The second time I take the boys out that concern is qualified. We have hardly sat down when I hear nervous laughter. A man - not big, but stocky - is leaning into the boys’ faces, firing off urgent questions. I don’t step in until he begins to slap them - heavy, half-amicable shoulder-slaps that rock them where they sit. When I stop beside him he looks up at me sharply. Jesus, he says, I thought you was meaning to hit me! ; and there is an angry, fearful light in his eyes that says he does think just that, or that the thought of violence has been uppermost in his mind.

I move him away towards the railing and we talk for a quarter hour - about the English, the Jews (You’ve a bit of black in you; what is that?), Palestine and Eton (You’ll know Cameron’s lot are all your people, he says, making a dishonarary Etonian of me), while the boys get on with their fishing, though on the walk back their questions are all about the man, their curiosity edged with adrenaline.

I am invited to a third literary group this evening. The boys are going home to their houses as I get ready, striding or skulking back to their rooms, triumphantly or disconsolately, their tails flapping.

It is a costume drama out there. There is a vulnerability to them all, boys and beaks both. They teeter on the ridiculous. If Eton were any more self-conscious the whole edifice would begin to fall apart. And how can it not be self-conscious, when so many eyes are upon it?

Not for the first time, it comes to me that it is an extraordinary experience to be here. Even a prince would feel it (and they are princes, some of these boys). It isn’t the beauty of it, or the wealth - those are things these boys may well find elsewhere. It is the gateless otherness. I wonder if that is what will come back to haunt them, even those who live out their lives in palaces. How long will they carry that invisible imperative, Don’t cross the bridge?

It must be very easy to love or hate. There was an article put up in one classroom, written by an old-boy-turned-celebrity, who had evidently loathed Eton all his life. I thought it was put here for the boys to hate in turn, but that assumes that Eton is something they love, or that their love could be so uncomplicated as to preclude hatreds of its own.

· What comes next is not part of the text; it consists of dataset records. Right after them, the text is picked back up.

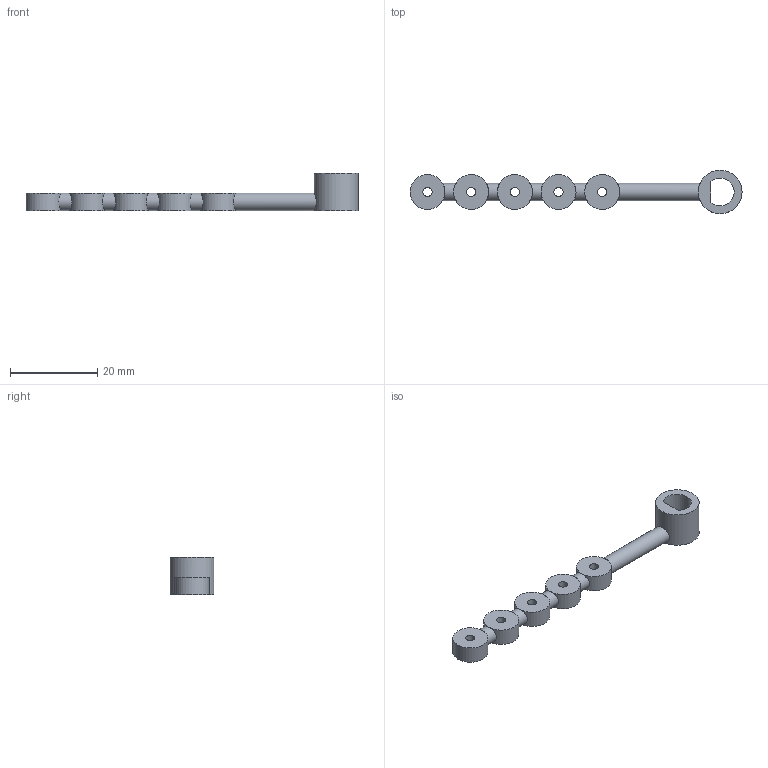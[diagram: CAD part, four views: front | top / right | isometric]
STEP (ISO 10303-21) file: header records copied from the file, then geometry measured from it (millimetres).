
FILE_DESCRIPTION(/* description */ (''),/* implementation_level */ '2;1');
FILE_NAME(/* name */ 'ROD2V2D2_30-40-50-60-70mm.ipt.stp',/* time_stamp */ '2021-06-20T10:02:49-05:00',/* author */ ('svale'),/* organization */ (''),/* preprocessor_version */ 'ST-DEVELOPER v18.1',/* originating_system */ 'Autodesk Inventor 2021',/* authorisation */ '');
FILE_SCHEMA (('AUTOMOTIVE_DESIGN { 1 0 10303 214 3 1 1 }'));
Length unit declared in the file: millimetre
Products named in the file (1): ROD2V2D2_30-40-50-60-70mm
Bounding box: 76 x 10 x 8.5 mm (x, y, z)
Volume: 1702.5 mm3; surface area: 1864.8 mm2
Topology: 1 solids, 1 shells, 34 faces, 86 edges, 57 vertices
Faces by surface type: cylinder 21, plane 13
Full cylindrical faces by diameter (mm): 2.113 x5, 4 x5, 8 x1, 10 x1
Entity records: 1379 total; most frequent: CARTESIAN_POINT 528, ORIENTED_EDGE 166, DIRECTION 161, EDGE_CURVE 83, AXIS2_PLACEMENT_3D 73, VERTEX_POINT 51, EDGE_LOOP 46, CIRCLE 38
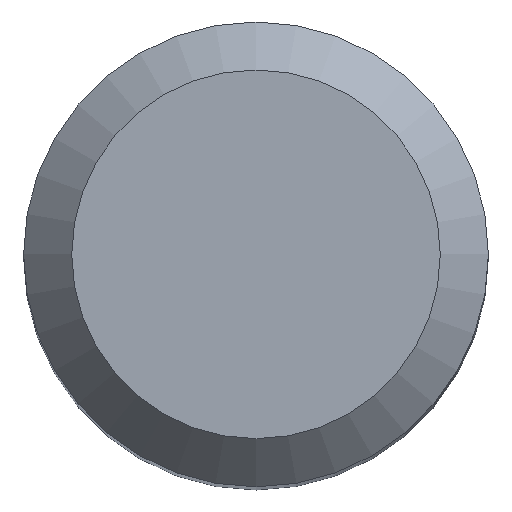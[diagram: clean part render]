
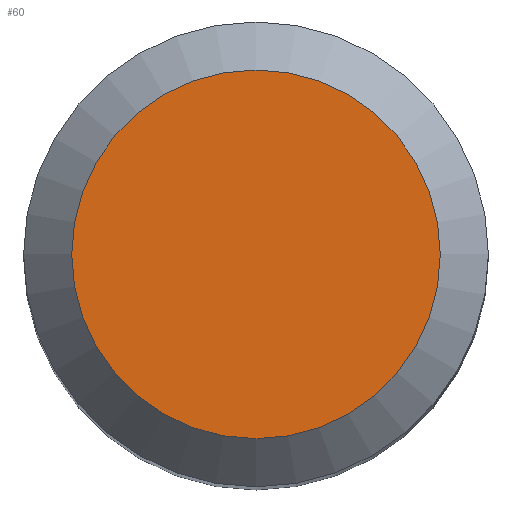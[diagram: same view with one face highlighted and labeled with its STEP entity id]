
A CAD part, top view. The second image highlights one B-rep face of the part: STEP entity #60.
In plain terms, the highlighted planar face has unit normal (0, 0, 1).
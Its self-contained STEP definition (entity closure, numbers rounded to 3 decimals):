
#41=PLANE('',#190);
#45=FACE_OUTER_BOUND('',#91,.T.);
#60=ADVANCED_FACE('',(#45),#41,.T.);
#91=EDGE_LOOP('',(#109));
#109=ORIENTED_EDGE('',*,*,#130,.T.);
#121=VERTEX_POINT('',#274);
#130=EDGE_CURVE('',#121,#121,#139,.T.);
#139=CIRCLE('',#189,3.965);
#189=AXIS2_PLACEMENT_3D('',#273,#234,#235);
#190=AXIS2_PLACEMENT_3D('',#275,#236,#237);
#234=DIRECTION('',(0.,0.,1.));
#235=DIRECTION('',(1.,0.,0.));
#236=DIRECTION('',(0.,0.,1.));
#237=DIRECTION('',(1.,0.,0.));
#273=CARTESIAN_POINT('',(0.,0.,40.));
#274=CARTESIAN_POINT('',(3.965,0.,40.));
#275=CARTESIAN_POINT('',(0.,0.,40.));
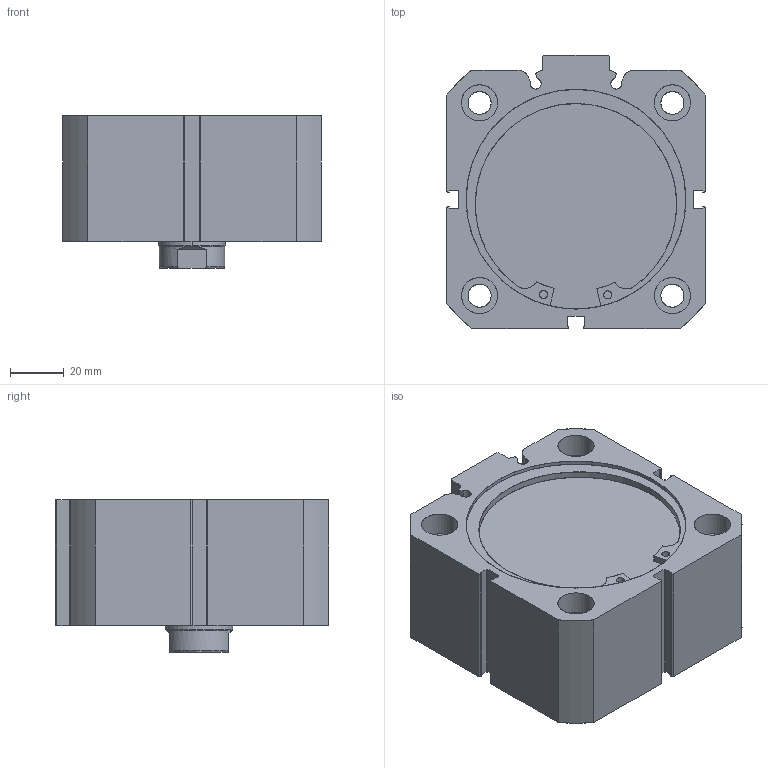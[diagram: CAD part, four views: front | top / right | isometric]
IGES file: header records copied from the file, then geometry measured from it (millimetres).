
Start section: SolidWorks IGES file using analytic representation for surfaces
Global section: file name: KS-80-5-CYLINDER.IGS; native system: SolidWorks 2010; preprocessor: SolidWorks 2010; author: Yeni; date: 130724.101237; units: millimetre
Bounding box: 96.5 x 102 x 57 mm (x, y, z)
Surface area: 99967.7 mm2 (no closed solid volume)
Topology: 0 solids, 0 shells, 233 faces, 4926 edges, 4924 vertices
Faces by surface type: revolution 147, bspline 86
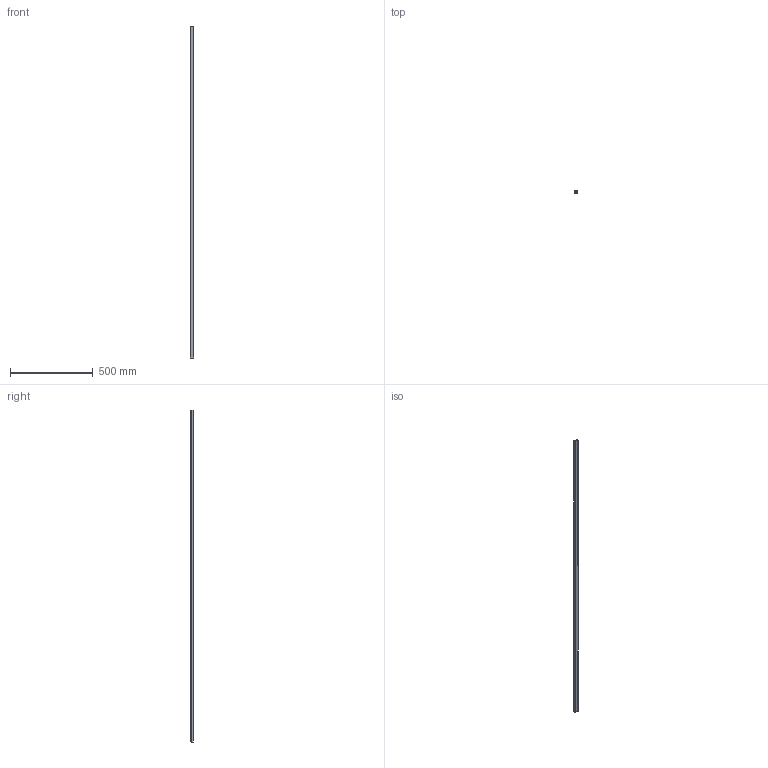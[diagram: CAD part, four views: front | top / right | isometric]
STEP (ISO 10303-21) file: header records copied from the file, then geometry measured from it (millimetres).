
FILE_DESCRIPTION (( 'STEP AP214' ), '1' );
FILE_NAME ('6027300.stp', '2018-04-13T11:26:03', ( '' ), ( '' ), 'SwSTEP 2.0', 'SolidWorks 2016', '' );
FILE_SCHEMA (( 'AUTOMOTIVE_DESIGN' ));
Length unit declared in the file: millimetre
Products named in the file (3): 6027300; 114709_Standard; 114708_Standard
Assembly tree (2 placements, depth 2):
  6027300
    114708_Standard
    114709_Standard
Bounding box: 22 x 12.5 x 2000.77 mm (x, y, z)
Volume: 116009.6 mm3; surface area: 276448.4 mm2
Topology: 2 solids, 2 shells, 28 faces, 72 edges, 48 vertices
Faces by surface type: plane 28
Entity records: 946 total; most frequent: CARTESIAN_POINT 153, ORIENTED_EDGE 144, DIRECTION 138, LINE 72, VECTOR 72, EDGE_CURVE 72, VERTEX_POINT 48, AXIS2_PLACEMENT_3D 33
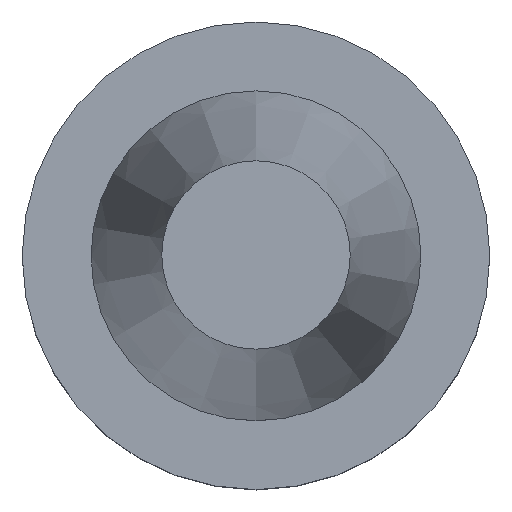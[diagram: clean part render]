
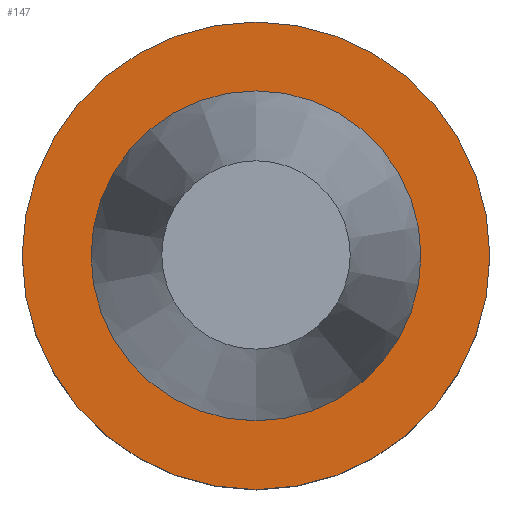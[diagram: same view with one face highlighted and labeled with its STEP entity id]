
A CAD part, top view. The second image highlights one B-rep face of the part: STEP entity #147.
In plain terms, the highlighted planar face has unit normal (0, 0, 1).
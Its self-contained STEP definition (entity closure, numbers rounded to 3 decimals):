
#116=EDGE_CURVE('Unnamed[1]',#264,#264,#265,.T.);
#147=ADVANCED_FACE('Unnamed[1]',(#311,#312),#313,.T.);
#163=EDGE_CURVE('Unnamed[1]',#336,#336,#337,.T.);
#264=VERTEX_POINT('',#456);
#265=CIRCLE('',#457,22.225);
#311=FACE_OUTER_BOUND('',#515,.T.);
#312=FACE_BOUND('',#516,.T.);
#313=PLANE('',#517);
#336=VERTEX_POINT('',#546);
#337=CIRCLE('',#547,31.5);
#456=CARTESIAN_POINT('',(0.,22.225,-1.));
#457=AXIS2_PLACEMENT_3D('',#647,#648,#649);
#515=EDGE_LOOP('',(#700));
#516=EDGE_LOOP('',(#701));
#517=AXIS2_PLACEMENT_3D('',#702,#703,#704);
#546=CARTESIAN_POINT('',(0.,31.5,-1.));
#547=AXIS2_PLACEMENT_3D('',#730,#731,#732);
#647=CARTESIAN_POINT('',(0.,0.,-1.));
#648=DIRECTION('',(0.,0.,-1.0));
#649=DIRECTION('',(0.,1.0,0.));
#700=ORIENTED_EDGE('',*,*,#163,.F.);
#701=ORIENTED_EDGE('',*,*,#116,.T.);
#702=CARTESIAN_POINT('',(0.,26.862,-1.));
#703=DIRECTION('',(0.,0.,1.0));
#704=DIRECTION('',(0.,-1.0,0.));
#730=CARTESIAN_POINT('',(0.,0.,-1.));
#731=DIRECTION('',(0.,0.,-1.0));
#732=DIRECTION('',(0.,1.0,0.));
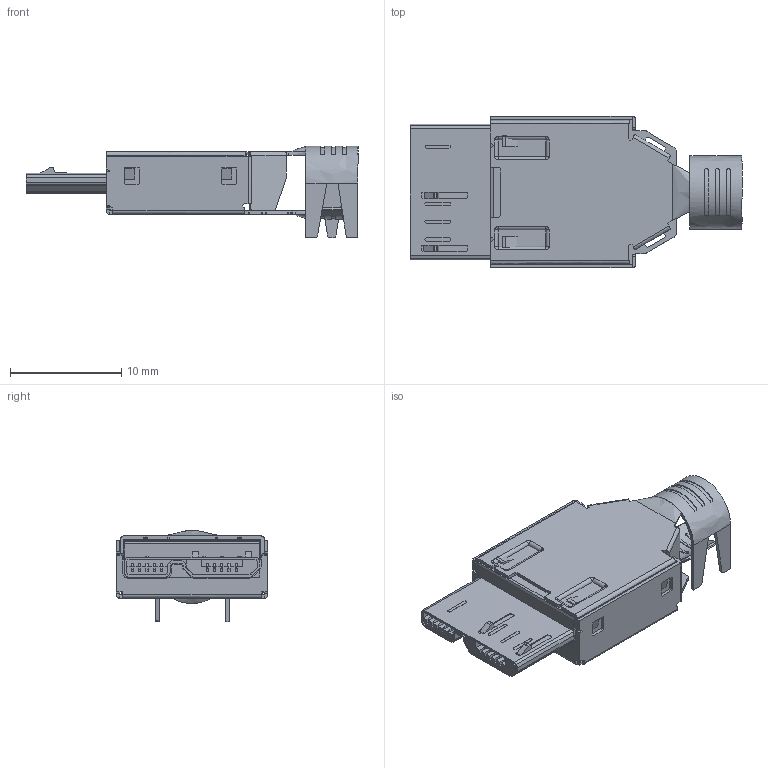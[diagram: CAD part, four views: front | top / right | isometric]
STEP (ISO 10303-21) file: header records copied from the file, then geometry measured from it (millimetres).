
FILE_DESCRIPTION (( 'STEP AP214' ), '1' );
FILE_NAME ('24-02536---Customer-P(028)A118.STEP', '2020-03-11T18:21:20', ( '' ), ( '' ), 'SwSTEP 2.0', 'SolidWorks 2018', '' );
FILE_SCHEMA (( 'AUTOMOTIVE_DESIGN' ));
Length unit declared in the file: millimetre
Products named in the file (1): 24-02536---Customer-P(028)A118
Bounding box: 29.82 x 13.62 x 8.2 mm (x, y, z)
Surface area: 2789.5 mm2 (no closed solid volume)
Topology: 0 solids, 14 shells, 1333 faces, 3809 edges, 2515 vertices
Faces by surface type: bspline 1333
Entity records: 48899 total; most frequent: CARTESIAN_POINT 20357, ORIENTED_EDGE 7518, EDGE_CURVE 3809, B_SPLINE_CURVE_WITH_KNOTS 3673, VERTEX_POINT 2515, EDGE_LOOP 1387, FACE_OUTER_BOUND 1333, ADVANCED_FACE 1333

It is a privilege for me to be here too. And how that word rankles. Privilege! What a sour taste it has in the mouth. I am as accustomed to hate the idea of it as the man on the bridge, the one with the fists in his pockets and the smell of morning drink on his breath. I think of the boys all around him, in their coats and tails. All of them keeping to the bridge, as if there is some invisible barrier between them and the world beyond it. As if they are tagged.


Monday 12th

The Junior (Home) and Senior (Jealousy) Verse Prizes have run their course, as I have myself. I am back at Eton for the award ceremony, the last of my residential duties.

I arrive early with Hannah, who has managed to grab an afternoon away from work. We see the sights, dipping into Lower School, Chapel, and the college library. There has been some renovation done to the old school recently, in the course of which a mural has been discovered, a painting of masters and boys, one of the oldest images of a schoolroom in the world (and also one of the earliest portrayals of corporal punishment): but the room is locked when we find it, and our opportunity lost.

Later there are drinks, and dinner, and finally the ceremony itself. The boys have turned out in force again, and with their help the evening goes off well. In the morning our host drives us as far as the Windsor footbridge. We walk on out of Eton, lugging luggage, hurrying for the train. Then we are off, through Staines, through Feltham, the train late into London, but into London all the same, the city spreading out below the tracks, dirty and lovely and limitless.